Competing interests statement
The authors declare no competing interests.
Acknowledgements
R.C.L., H.R., and D.C. thank Dr. Simon van Gaal and Prof. Robert McIntosh for their valuable comments and suggestions. R.C.L. thanks Dr. Johannes Fahrenfort, Dr. Maximilian Bruchmann, Prof. Stephen Fleming, Dr. Albert De Beir, and Dr. Brian Maniscalco for their useful technical advice. The authors thank Dr. Dalila Achoui for her technical guidance.
R.C.L. was supported by an ANID/CONICYT PhD studentship, a British Psychological Society Postgraduate Study Visit Scheme award, a University of Edinburgh Principal’s Go Abroad Fund award, a Université libre de Bruxelles Seal of Excellence fellowship, and partially by a Karolinska Institutet postdoctoral fellowship. A.C-J. was supported by an ANID/FONDECYT Regular (1240899) research grant.

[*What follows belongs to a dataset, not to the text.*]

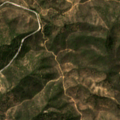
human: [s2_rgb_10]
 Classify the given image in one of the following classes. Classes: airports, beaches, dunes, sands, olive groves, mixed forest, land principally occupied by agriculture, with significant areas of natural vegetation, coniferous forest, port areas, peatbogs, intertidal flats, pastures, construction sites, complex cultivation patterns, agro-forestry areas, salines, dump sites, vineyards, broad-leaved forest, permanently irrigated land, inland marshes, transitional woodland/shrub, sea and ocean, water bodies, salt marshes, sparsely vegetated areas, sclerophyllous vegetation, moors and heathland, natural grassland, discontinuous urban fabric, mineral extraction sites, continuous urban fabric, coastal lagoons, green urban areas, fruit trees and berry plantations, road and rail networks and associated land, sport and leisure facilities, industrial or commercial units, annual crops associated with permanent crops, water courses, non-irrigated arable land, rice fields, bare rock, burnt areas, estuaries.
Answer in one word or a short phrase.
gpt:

H.R. was supported by an Economic and Social Research Council (ESRC) future research leaders award (no. ES/L01064X/1). A.C. was supported by a European Research Council (ERC) advanced grant (EXPERIENCE – ADG101055060). D.C. was supported by an ERC advanced grant (X-SPECT – DLV692739).
Footnotes
↵† These authors jointly supervised this work.
Two new experiments have been added, which had led to significant changes to the Results section. A new figure has also been added. Minor changes have been applied such as improvements to the figures and main text. The Supplementary Information has also been extended and improved.